The rain continues. It was 38 degrees when I ventured out to the market for the daily foodstuffs. Once there, I ran into Lisa the hair stylist who used to work for Karen. She said she was on her way to work and asked me if I was ready for the holiday. I answered that I don’t do much for Christmas and let the matter drop. But I had already told Heather I would play music with my church on Christmas Eve, and that’s something, I guess. It’s kind of ridiculous when people try to dictate to me my own worldview as if they were right. Christianity is one way out of many of looking at reality, not the only one. We are all discouraged from using our brains for ourselves, and I find this very offensive. It seems to be a growing trend in the United States to defer all judgment to a spiritual leader or whatever; someone who does your thinking for you when we ought to be capable of doing that on our own. It’s a sort of mental dictatorship. We’re being bullied by the Church and we don’t even realize it. People work at their jobs and are told to keep their mouths shut. If you have a problem, you’re supposed to see your spiritual leader for the solution. It’s beginning to look like a George Orwell novel. Even my iPad tries to put words in my mouth.
Orpheus V
We had a really good practice this afternoon and got quite a bit done. I took my blue Fender bass and felt very comfortable playing it, which makes a big difference to the way rehearsal goes. This bass also cranks out a great tone. I think I’ll use it all the time after this. The other guys played better than usual, too, and Mike and I smiled and winked at each other while Ron would take a very long solo or something silly. We were basically indulging him and being gently deprecating, or saying, Well you know how Ron is. We have two or three really strong numbers that we can use for playing in a gig, and we’ve got plenty of time to work up the others.
Yes, instinctively human versus a consumerist society. I was just thinking of how it’s difficult to be free and human in a culture that has us so utterly pegged. It’s the sentiment of Pink Floyd in “Welcome to the Machine,” by now a lugubrious and kind of stale song, but it gets my point across. Everything you can dream of has been already thought of by the monster of society, so, before you can express your feelings on this or that, you’re in a certain category of people in the eyes of the government and whatever shapes our destinies. My observation is not an original one. It should have been obvious to me long ago. I suppose it’s a cynical view, and perhaps rather defeatist to see human life as a mass production run, like being on the assembly line or shot through the chute. When our lives are set up this way, at the mercy of a culture we can’t control, is it even possible for us to express something new and independent, original and real?

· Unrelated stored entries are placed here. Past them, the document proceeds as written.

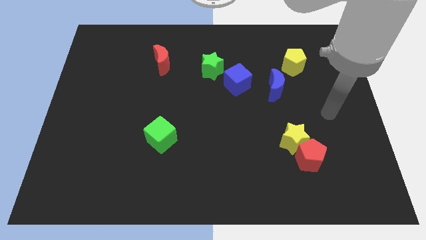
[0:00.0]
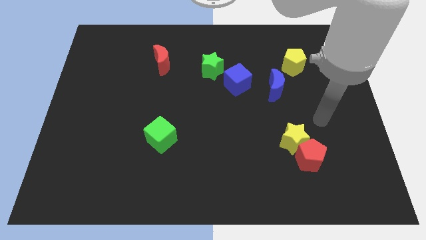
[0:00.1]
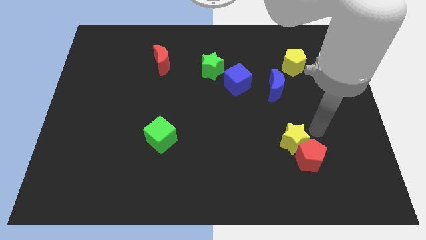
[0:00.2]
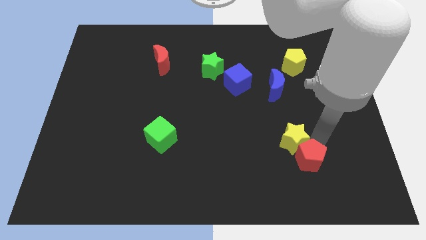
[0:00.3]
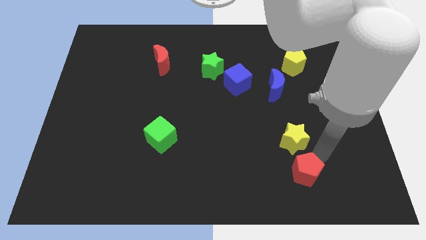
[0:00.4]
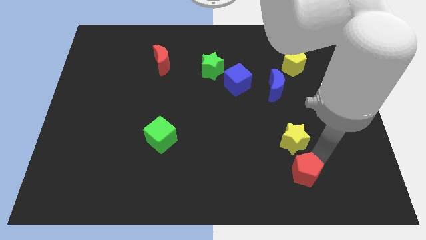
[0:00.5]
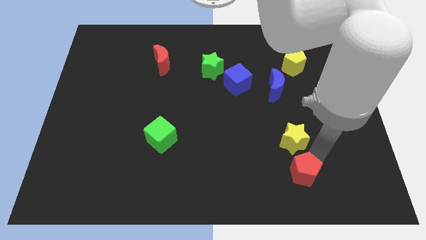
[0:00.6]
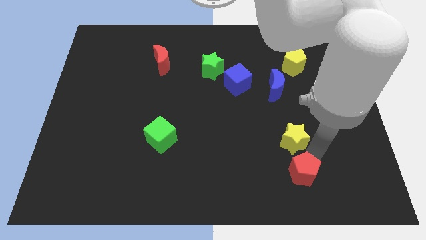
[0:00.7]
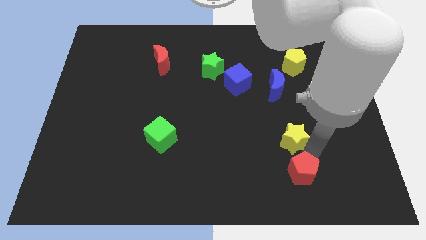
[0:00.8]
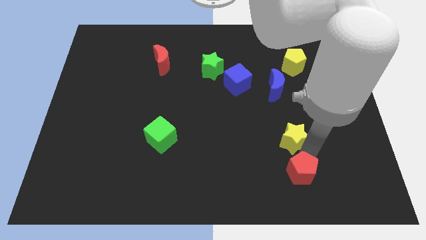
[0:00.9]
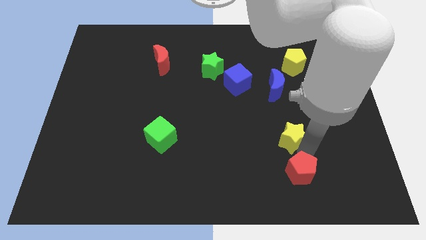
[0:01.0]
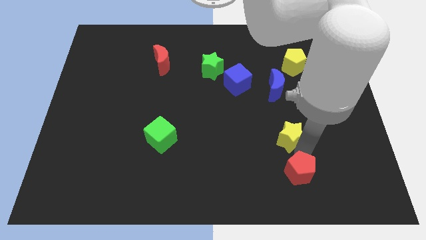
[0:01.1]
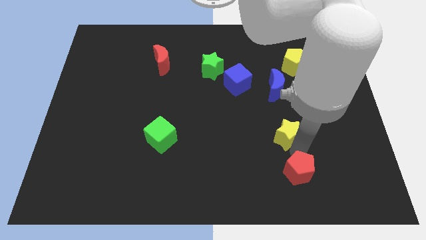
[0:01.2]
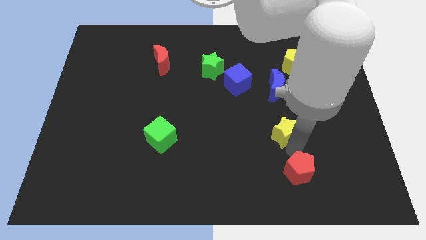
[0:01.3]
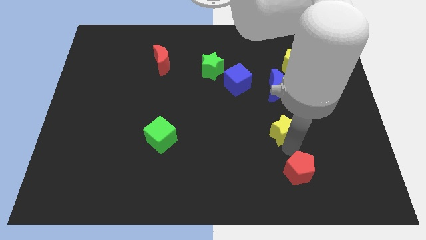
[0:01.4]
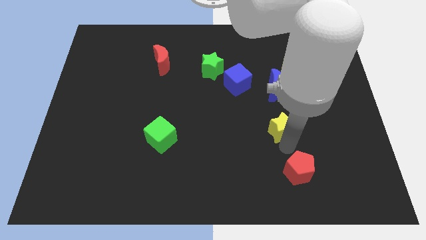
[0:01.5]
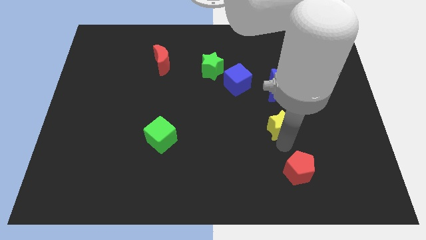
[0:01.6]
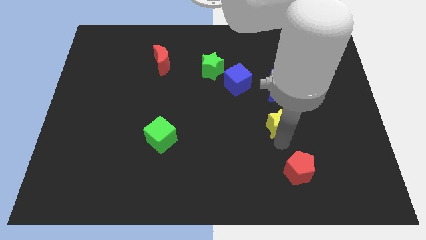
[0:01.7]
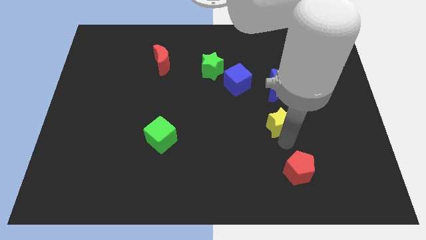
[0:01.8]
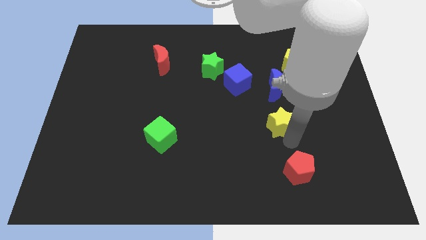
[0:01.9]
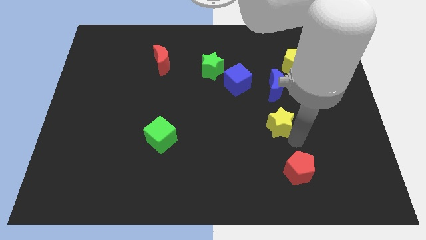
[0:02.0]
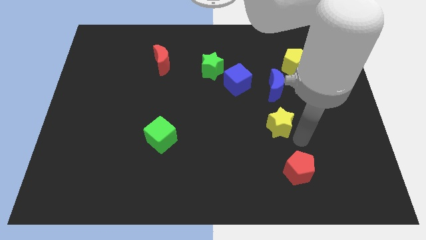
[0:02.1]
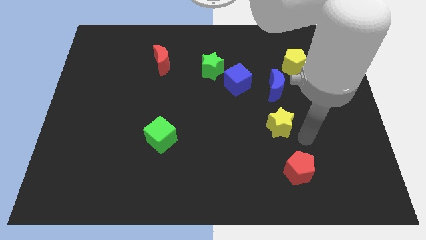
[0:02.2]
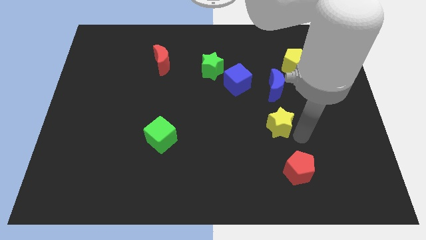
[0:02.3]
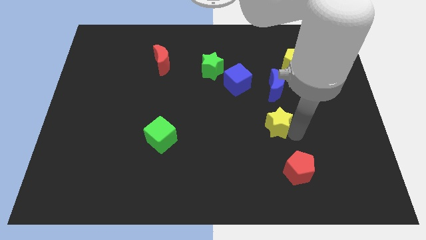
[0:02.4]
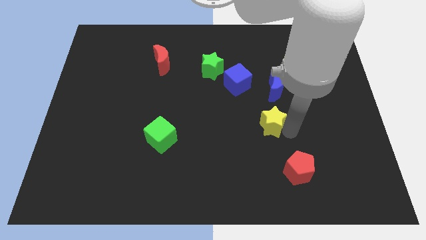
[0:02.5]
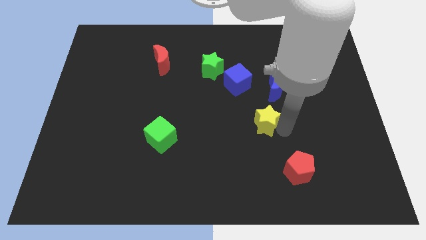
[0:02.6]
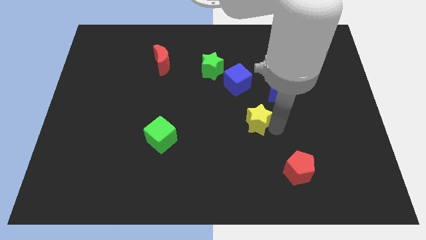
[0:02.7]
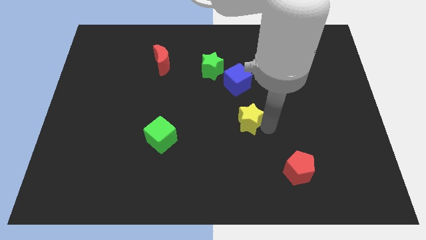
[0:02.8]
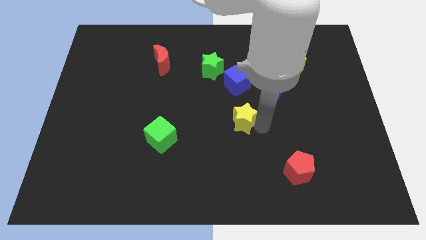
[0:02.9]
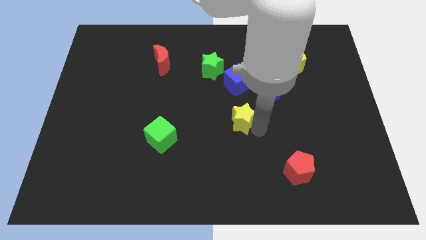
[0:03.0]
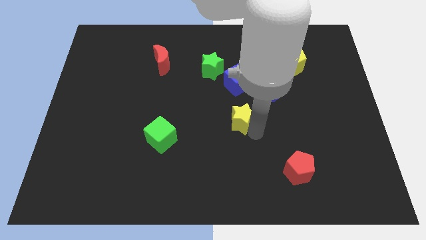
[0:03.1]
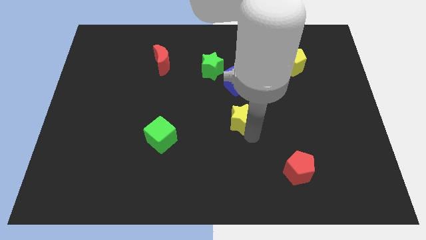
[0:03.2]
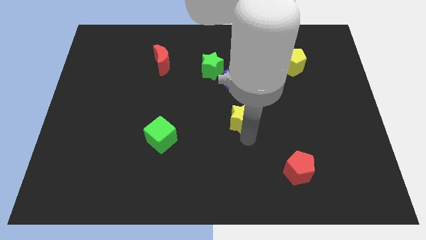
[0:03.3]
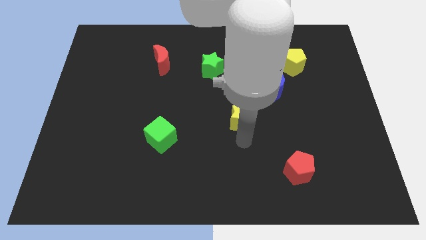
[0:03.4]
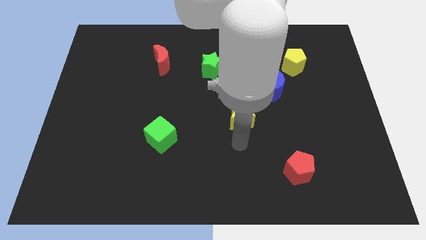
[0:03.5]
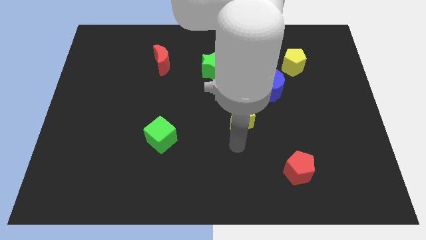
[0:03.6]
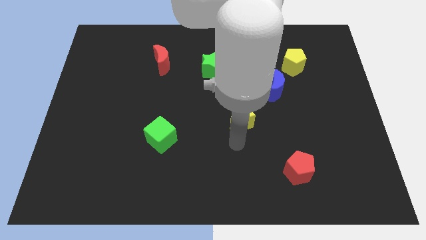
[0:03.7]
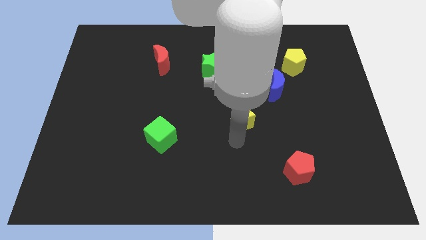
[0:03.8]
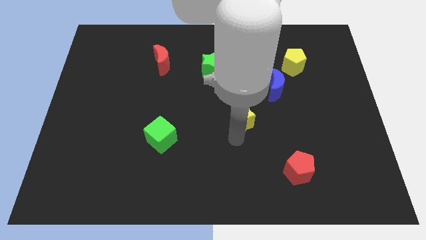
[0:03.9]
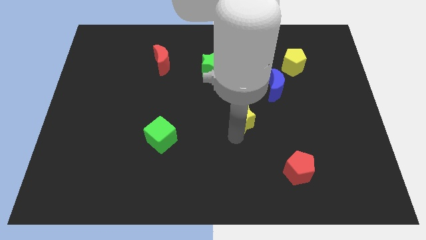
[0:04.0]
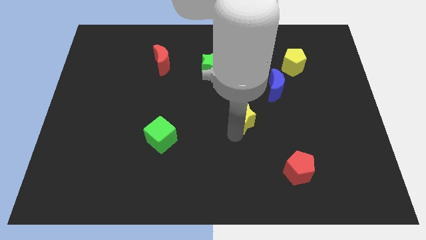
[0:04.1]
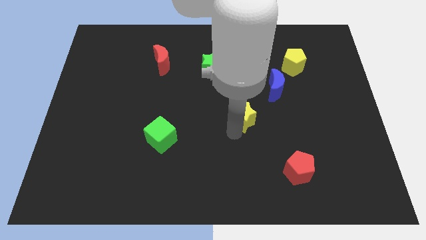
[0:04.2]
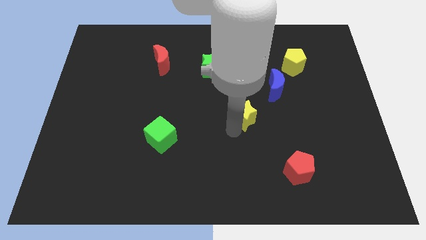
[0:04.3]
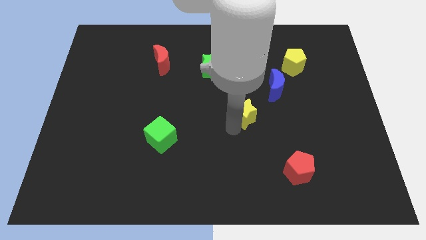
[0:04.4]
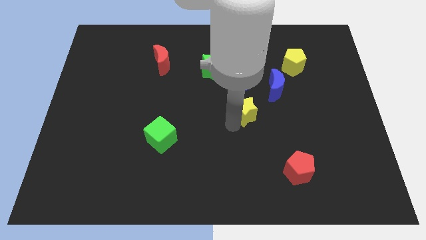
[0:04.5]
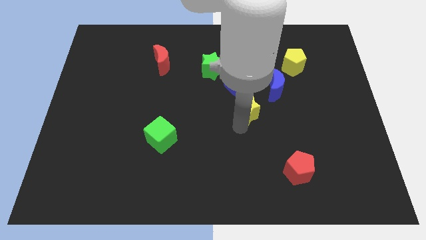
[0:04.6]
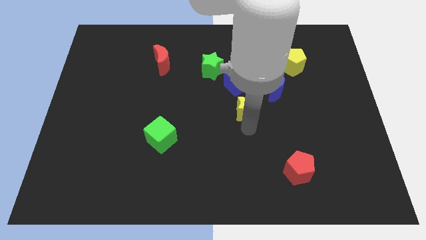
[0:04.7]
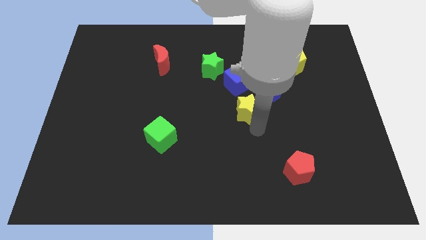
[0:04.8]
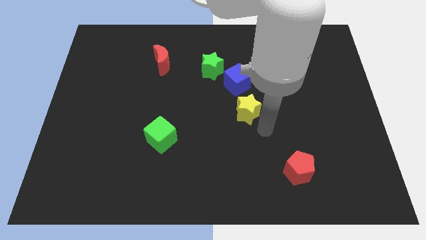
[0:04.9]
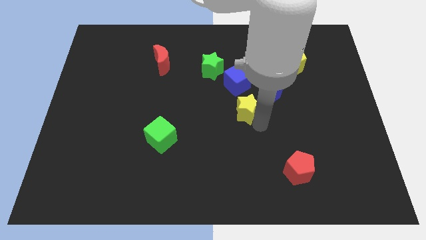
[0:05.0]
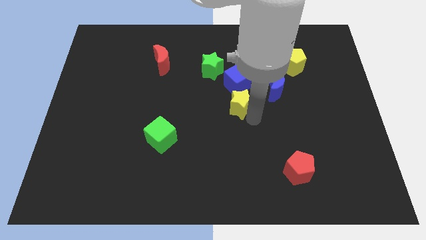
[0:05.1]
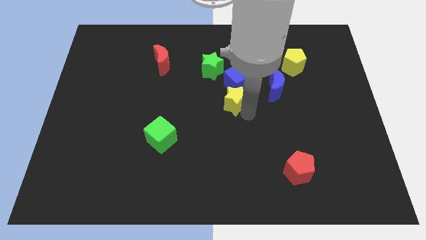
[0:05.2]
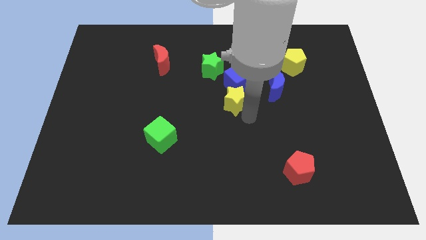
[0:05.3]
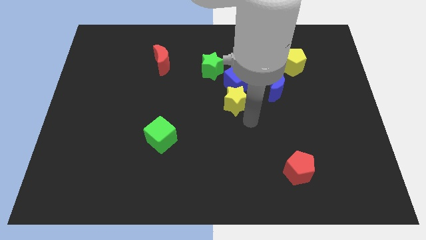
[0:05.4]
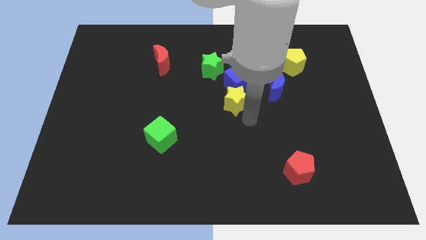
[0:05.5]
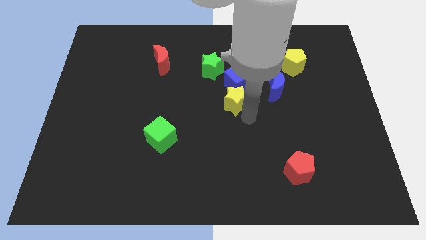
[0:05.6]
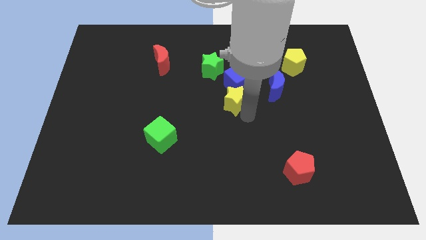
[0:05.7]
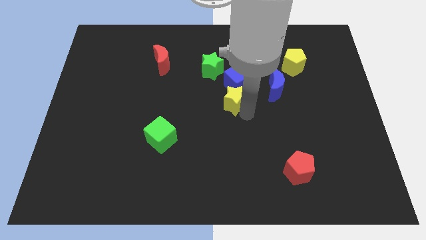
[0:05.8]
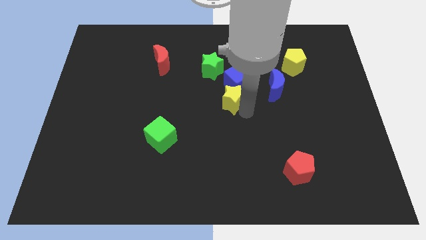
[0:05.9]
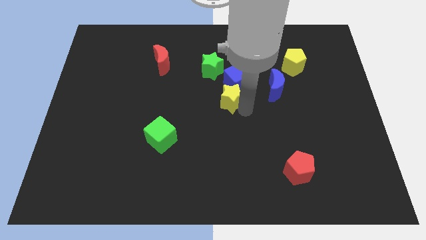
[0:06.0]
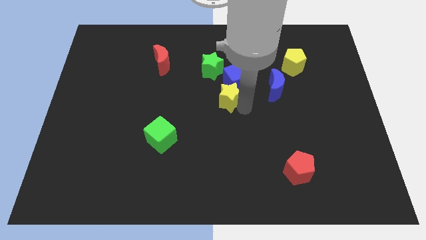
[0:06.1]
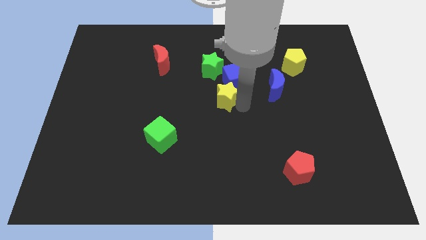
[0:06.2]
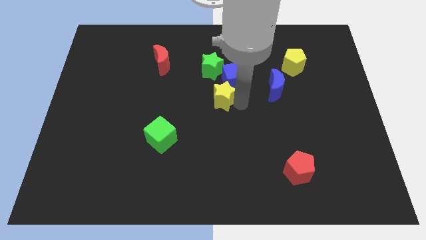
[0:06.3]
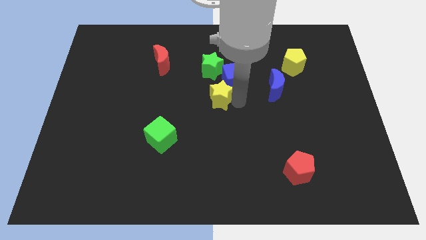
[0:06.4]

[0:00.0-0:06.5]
move the yellow star upwards and to the left

And how has the band changed me… and do I like it. Mostly it’s just the fact that we’re a trio of guys, more or less the same age. I feel that I’ve been bonding with them, for better or worse, but I think our project could lead to something good in terms of a career for me, and I love doing music anyway. It started out as just having fun on weekends, but I believe it may grow into something more serious and disciplined.
Right now, I don’t feel that the band has been a bad influence on my mentality. I might’ve gravitated away from the church even without playing with Mike and Ron, just as a function of time. And by the way, my sobriety feels very secure, though I should never be complacent.
Overall I feel pretty good at this writing.